2. The method of claim 1, wherein, All real-time acquired rock wool process parameters are nonlinearly fused and mapped to generate a real-time fused feature vector, including: Multiple rock wool process parameters acquired in real time are combined into an input vector; the rock wool process parameters include furnace zone temperature, centrifuge speed, blower air pressure, adhesive application flow rate, curing oven temperature, and conveyor belt speed; The encoder in an autoencoder neural network is used to perform nonlinear compression on the input vector to generate real-time fused feature vectors in the low-dimensional latent space of the autoencoder neural network.

3. The method of claim 2, wherein, The static production steady-state domain is constructed based on the overall distribution of a set of historical fusion feature vectors, including: A set of historical fusion feature vectors is identified as a set of historical optimal state points in the low-dimensional latent space of the autoencoder neural network and aggregated into a core state point cloud. Calculate the geometric center of the core state point cloud to determine the geometric center as the ideal process centroid representing the theoretically optimal working condition; A robustness metric is calculated based on the statistical distribution characteristics of all historical best state points in the core state point cloud relative to the ideal process centroid. In the low-dimensional potential space, a closed geometry is constructed with the ideal process centroid as the center and based on the robustness metric. The internal space region defined by the closed geometry is determined as the static production steady-state domain.

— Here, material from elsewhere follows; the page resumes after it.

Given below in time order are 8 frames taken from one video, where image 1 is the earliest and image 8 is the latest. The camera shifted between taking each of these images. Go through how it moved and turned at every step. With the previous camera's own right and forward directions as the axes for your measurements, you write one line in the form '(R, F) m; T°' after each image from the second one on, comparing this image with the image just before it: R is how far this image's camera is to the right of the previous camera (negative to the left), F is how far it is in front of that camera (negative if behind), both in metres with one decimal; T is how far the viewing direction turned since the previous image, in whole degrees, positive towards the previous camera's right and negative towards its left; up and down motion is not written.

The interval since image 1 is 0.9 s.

4. The method of claim 3, wherein, The production status area for real-time production status points, determined based on the combined positional relationships, includes: When the real-time production status point is simultaneously located within the static production steady-state domain and the dynamic production control domain, it is determined that the real-time production status point is located in the optimal state zone. When the real-time production status point is located inside the dynamic production control domain but outside the static production steady-state domain, it is determined that the real-time production status point is located in the drift state region. When the real-time production status point is located inside the static production steady-state domain but outside the dynamic production control domain, it is determined that the real-time production status point is located in the risk state zone. When the real-time production status point is located outside both the static production steady-state domain and the dynamic production control domain, it is determined that the real-time production status point is located in the deterioration state zone.

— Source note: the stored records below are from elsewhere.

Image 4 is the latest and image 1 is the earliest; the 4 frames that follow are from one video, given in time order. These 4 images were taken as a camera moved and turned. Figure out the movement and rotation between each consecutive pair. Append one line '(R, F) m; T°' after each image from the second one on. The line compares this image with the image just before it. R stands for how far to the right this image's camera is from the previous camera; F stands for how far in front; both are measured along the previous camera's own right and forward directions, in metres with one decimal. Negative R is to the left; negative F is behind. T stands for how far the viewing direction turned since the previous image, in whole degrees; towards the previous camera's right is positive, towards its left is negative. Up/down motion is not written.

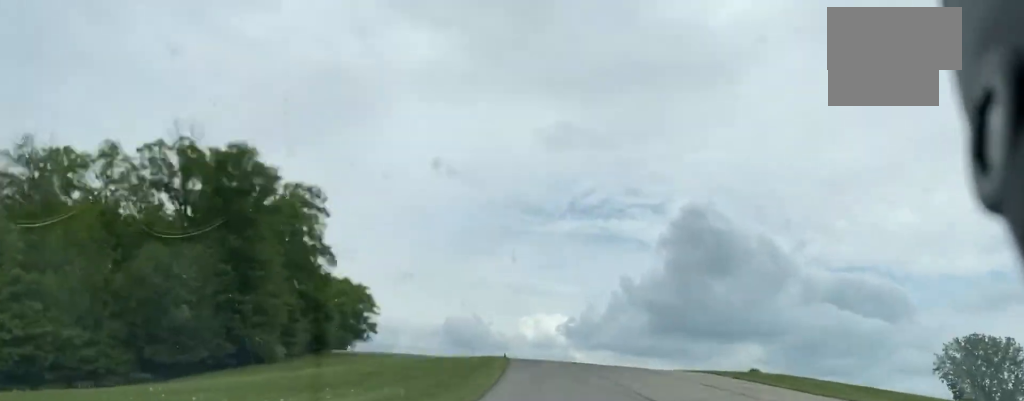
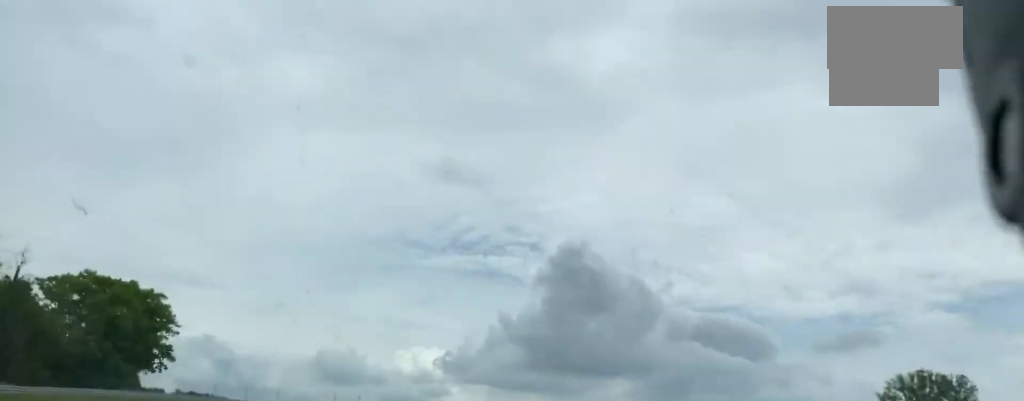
(+0.2, +54.3) m; +9°
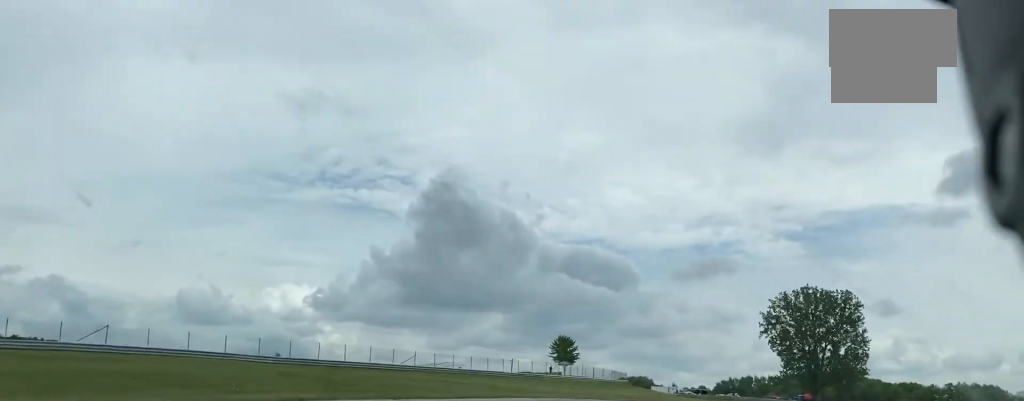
(+2.7, +26.6) m; +14°
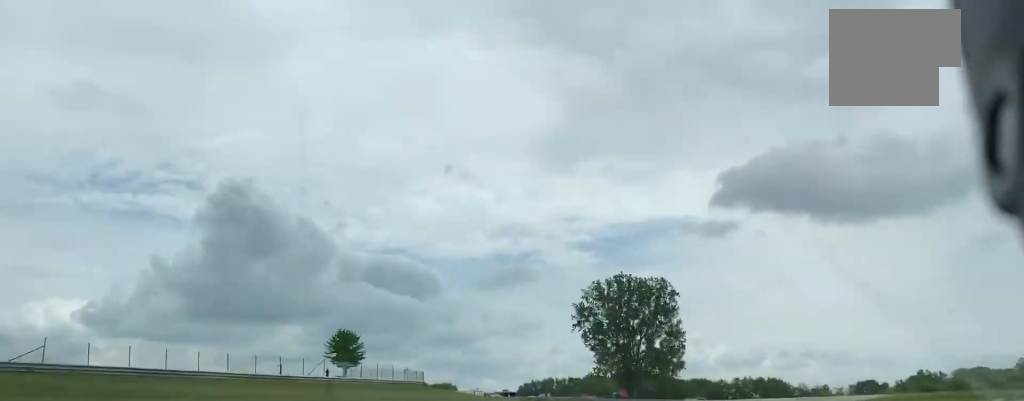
(+4.9, +30.1) m; +16°

5. The method of claim 4, wherein, When the real-time production status point is in the drift state region, the generated and executed optimization regression instructions include: In the low-dimensional potential space, the ideal process centroid of the static production steady-state domain is determined as the optimization regression target point; Calculate an optimized regression vector pointing from the real-time production status point to the optimized regression target point; The decoder in the autoencoder neural network is used to inversely map the optimized regression vector into a set of process parameter adjustment values ​​in the process parameter space; Generate and execute an optimized regression instruction that includes the process parameter adjustment values.

6. The method of claim 5, wherein, When the real-time production status point is located in the risk state zone, the emergency avoidance instructions generated and executed include: In the low-dimensional potential space, on the boundary of the dynamic production control domain, a boundary point that is closest to the real-time production state point in Euclidean distance is determined as the emergency avoidance target point. Calculate an emergency avoidance vector pointing from the real-time production status point to the emergency avoidance target point; The decoder in the autoencoder neural network is used to inversely map the emergency avoidance vector into a set of process parameter adjustment values ​​in the process parameter space; Generate and execute an emergency avoidance instruction containing the process parameter adjustment values.

7. The method of claim 6, wherein, When the real-time production status point is in the deterioration state zone, the generated and executed forced regression instructions include: In the low-dimensional potential space, a pre-defined safety state benchmark point located within the dynamic production control domain is determined as the forced regression target point; Calculate a forced regression vector pointing from the real-time production status point to the forced regression target point; The decoder in the autoencoder neural network is used to inversely map the forced regression vector into a set of process parameter adjustment values ​​in the process parameter space; Generate and execute a forced regression instruction containing the process parameter adjustment values.

8. The method of claim 7, wherein, The optimized regression instruction aims to adjust the real-time production status point to within the static production steady-state domain; the emergency avoidance instruction aims to adjust the real-time production status point to within the dynamic production control domain; and the forced regression instruction aims to adjust the real-time production status point to within the dynamic production control domain.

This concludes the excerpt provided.